I applied once as an intern to a company that "offered innovate solutions" to "deliver value to customers." At no point on their entire website did they use the phrase "PR Firm." Turns out no one thought to mention that on the website. Apparently they specialized in public figures who got into scandals, which is actually super interesting and I might have done better at the interview if I had known what the fuck they did.
The worst I've seen so far are posters with mindless and vulgar motivation propaganda such as "Bullshit-free Zone" and "Get Shit Done" [1].
These seem to be popular with a customer of mine who went all-in on SCRUM last year (believe me, you haven't seen anything yet if you haven't worked in a German team throwing around everyday or pseudo English terms in an attempt to appear cool).
It probably is, but there are pseudo-English idioms in use that just hurt. For example, "public viewing" is used in German for featuring sports events on large screens in the public, "handy" is used for mobiles, etc. See https://german.stackexchange.com/questions/40586/why-do-germ... for a discussion about this phenomenon.
I will leave that to others, but one thing I will say is that having been around the business world since the early 80's I can typically date someone just by hearing what expressions and bullshit they use. Anything that we didn't use in the 80's appears strange to hear. For example back then we didn't use 'circle back' (and now I can't even remember what we used for that I think it was simply 'I wanted to get back in touch with you'..) And yes I know circle back has been around for a long time (could even have been late 80's or early 90's).
To someone who isn't in the corporate world, the job title "agile coach" is about as bullshit as anything out there.
People in this role are actually paid to walk around inside an organisation, finding things that aren't sufficiently 'agile' and coaching people on how to make them 'agile'. Concrete deliverables=none, ability to measure success=none, ability to achieve any actual tangible outcome whatsoever=none, ability to invoke apparently-meaningful-yet-utterly-irrelevant anecdotes=infinite.
'Experts' in this field are highly in demand, and held in fear &/or awe at many corporates.
For me, the "favorites" are "engage" and "socialize". As a fresh example, Microsoft "engaged" with open-source community to the point they almost drove .NET into the ground. They "socialized" with crowds via GitHub while doing really stupid things like platform segmentation, misrepresenting alpha-quality releases as production-ready ones etc.

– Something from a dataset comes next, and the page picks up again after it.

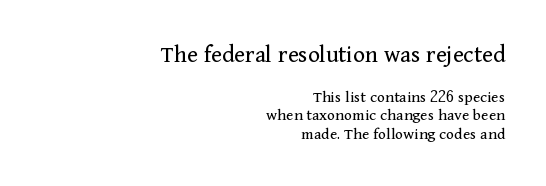
The image shows 25 px text type, upright; set right-aligned, tight line spacing (1.08x), normal letter spacing, not underlined; the first (top) block is 1.47x larger.

Kaizen terms used in teams or organizations where kaizen is definitely not being practiced as a general philosophy. At a previous employer, the only time anyone ever actually used the word kaizen was to describe management being tied up in day-long meetings debating the nature or source of some problem.

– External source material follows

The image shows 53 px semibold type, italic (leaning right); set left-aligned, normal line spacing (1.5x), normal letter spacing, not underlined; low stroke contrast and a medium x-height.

For example, "reimagining customer service", as in, complementing 20yo kids hired for peanuts offshore with bloated and expensive contact centre software.
I've seen this done where you want a 10 min meeting to get all the developers on the same wavelength before a meeting with the business so everyone will contribute in way that will drive a point forward. Usually this is when moving through security checkpoints for new features / systems.
Kind of like going through TSA "nobody make any jokes I don't want to have to spend hours here explaining this."
What are some "favorites" from the HN crowd?